The Sequence Knowledge #870: Liquid Models and the Search for a Post-Transformer Architecture

The Transformer did not merely become the dominant neural architecture. It became the default mental model for intelligence in modern AI.

Its central idea is deceptively simple: when processing a sequence, let every element look at every other element. A word can attend to previous words. A code token can attend to distant variables. An image patch can attend to another patch. A tool call can attend to an instruction buried thousands of tokens earlier. Attention turns sequence modeling into a giant differentiable lookup table over context.

This was a profound break from the recurrent era. Earlier models processed sequences like a reader moving left to right, updating a hidden state at each step. Transformers flattened that temporal process into a massively parallel computation. Instead of compressing the past into a single state, they exposed the entire past to the model. That made training easier, scaling more predictable, and long-range relationships easier to represent.

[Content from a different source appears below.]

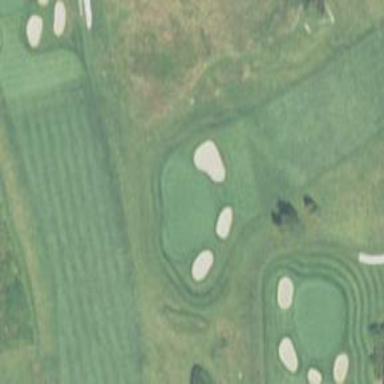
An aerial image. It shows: View of golf hole.

But every architecture has a physics. Transformers have the physics of global interaction. That physics is powerful, but expensive.

Self-attention wants to compare tokens against other tokens. During inference, the model accumulates a key-value cache so that each new token can attend to the past. As context grows, memory grows. As model size grows, serving complexity grows. As agents become longer-running, more tool-using, and more local, the cost of remembering everything explicitly becomes harder to ignore.

The Transformer is a brilliant architecture for cloud-scale intelligence. It is less obviously the final architecture for always-on, low-latency, private, embodied, on-device intelligence.

That is where liquid models enter the story.